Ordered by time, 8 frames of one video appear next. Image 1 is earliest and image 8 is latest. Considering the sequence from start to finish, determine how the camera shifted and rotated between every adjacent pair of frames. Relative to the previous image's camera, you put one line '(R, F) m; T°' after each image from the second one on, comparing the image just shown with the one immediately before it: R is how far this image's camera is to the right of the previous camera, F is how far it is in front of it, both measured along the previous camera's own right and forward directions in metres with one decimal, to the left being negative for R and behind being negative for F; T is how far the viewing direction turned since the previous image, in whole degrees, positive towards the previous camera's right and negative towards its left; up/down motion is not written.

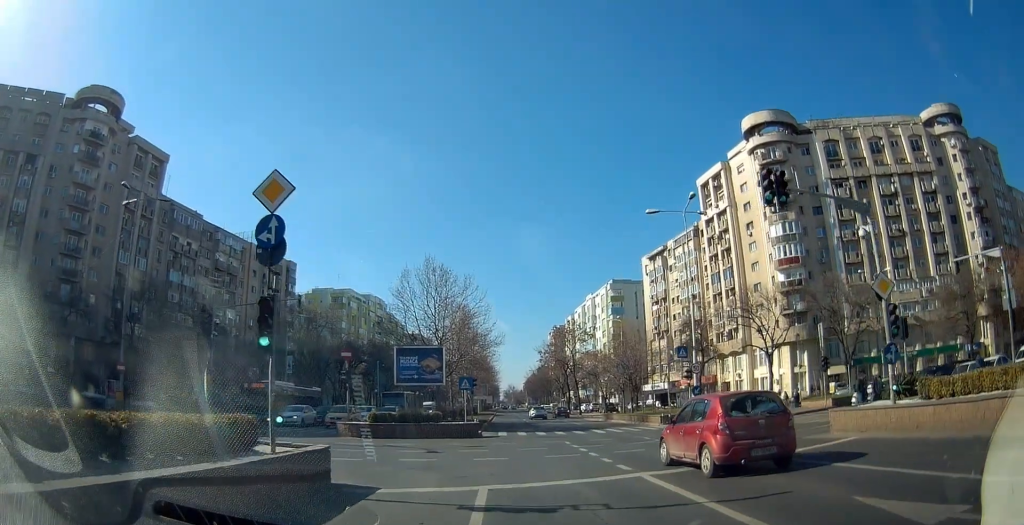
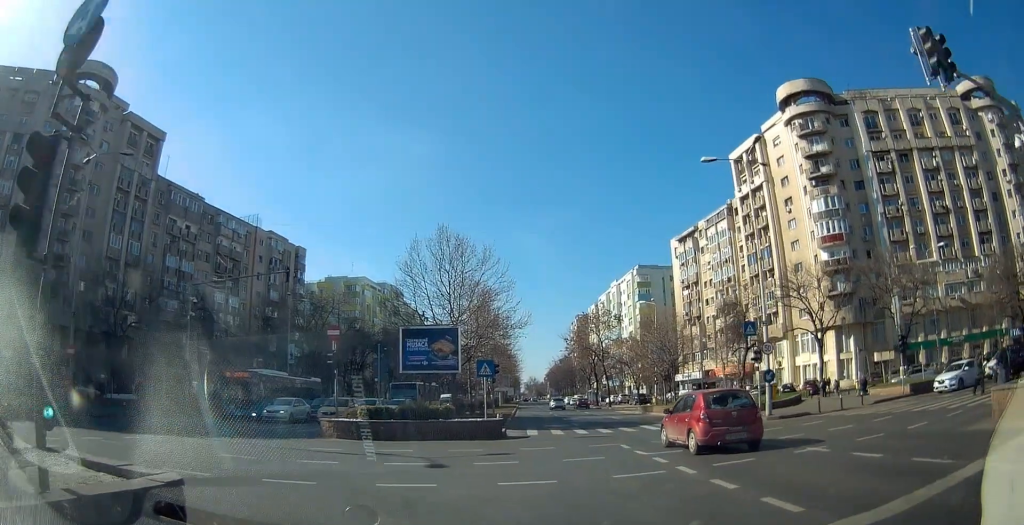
(-0.1, +6.6) m; -5°
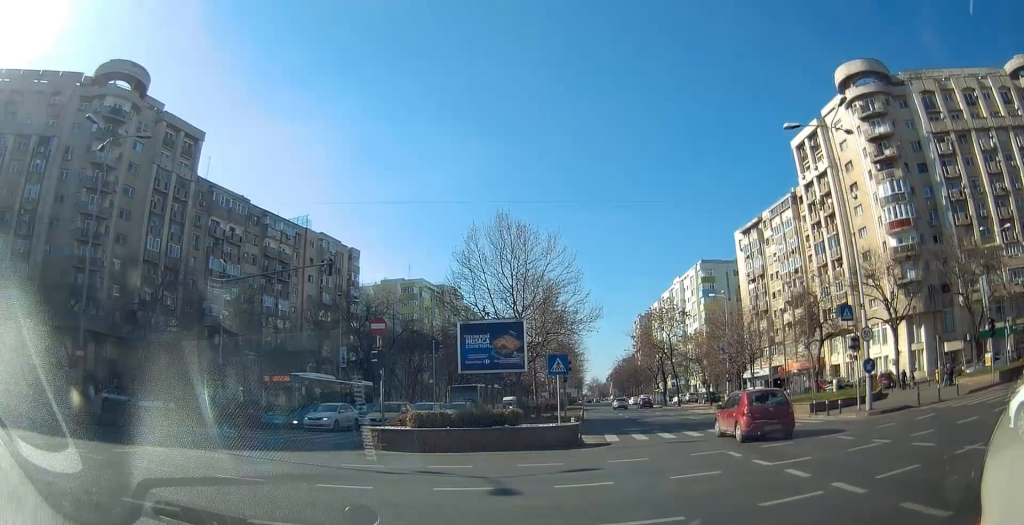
(-0.2, +3.6) m; -10°
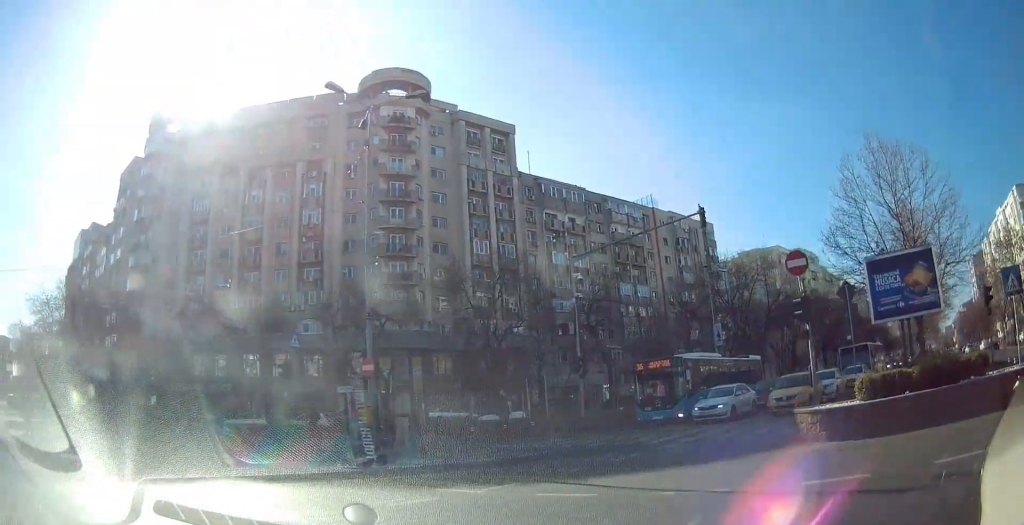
(-1.3, +5.5) m; -33°
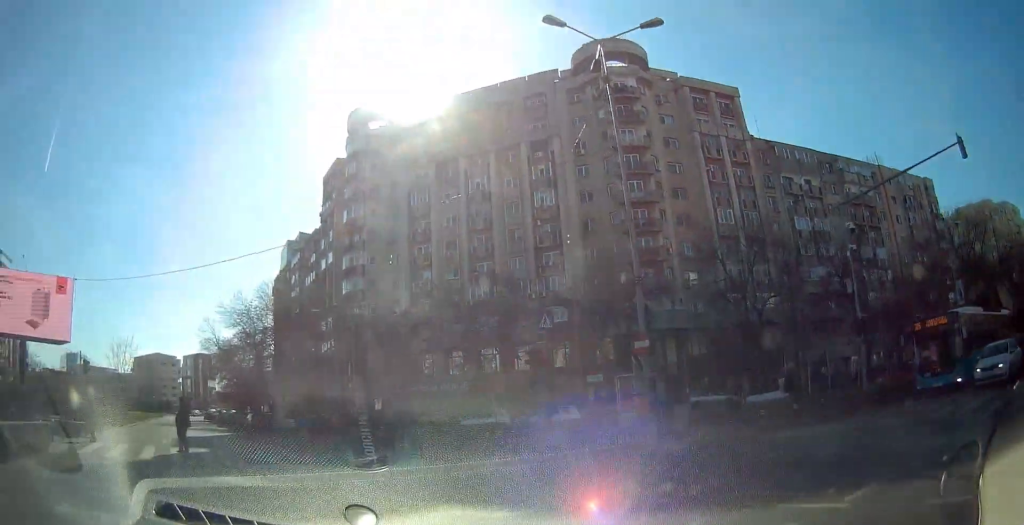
(-0.5, +3.2) m; -21°
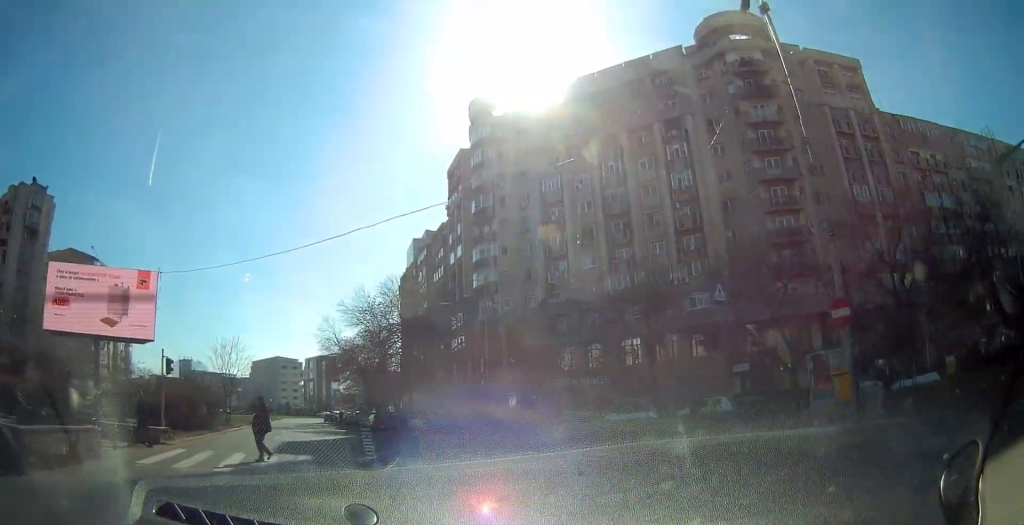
(-0.6, +3.1) m; -12°
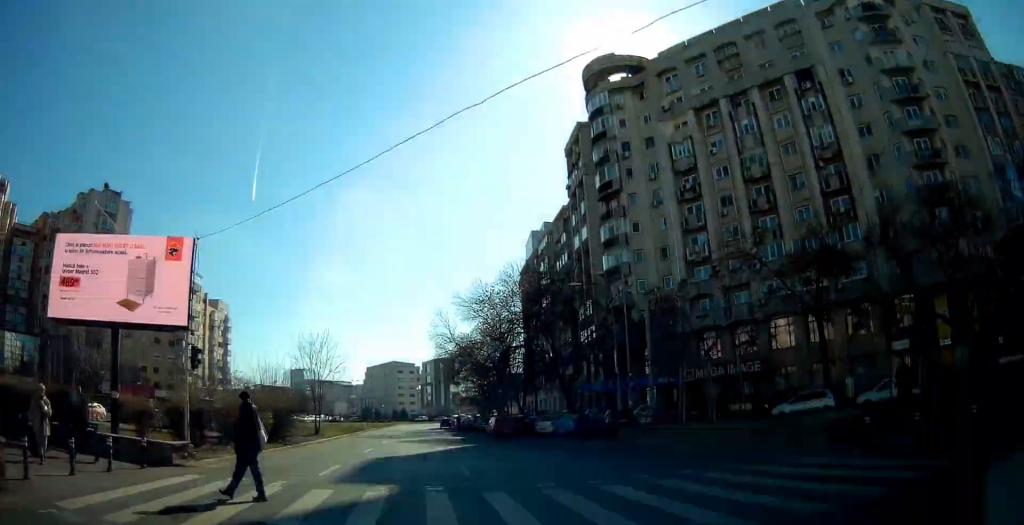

════════════════

Your instructions =
With the pictures left aside, set down each entry above exactly as it stands.

Exercise output =
Ordered by time, 8 frames of one video appear next. Image 1 is earliest and image 8 is latest. Considering the sequence from start to finish, determine how the camera shifted and rotated between every adjacent pair of frames. Relative to the previous image's camera, you put one line '(R, F) m; T°' after each image from the second one on, comparing the image just shown with the one immediately before it: R is how far this image's camera is to the right of the previous camera, F is how far it is in front of it, both measured along the previous camera's own right and forward directions in metres with one decimal, to the left being negative for R and behind being negative for F; T is how far the viewing direction turned since the previous image, in whole degrees, positive towards the previous camera's right and negative towards its left; up/down motion is not written.

(-0.1, +6.6) m; -5°
(-0.2, +3.6) m; -10°
(-1.3, +5.5) m; -33°
(-0.5, +3.2) m; -21°
(-0.6, +3.1) m; -12°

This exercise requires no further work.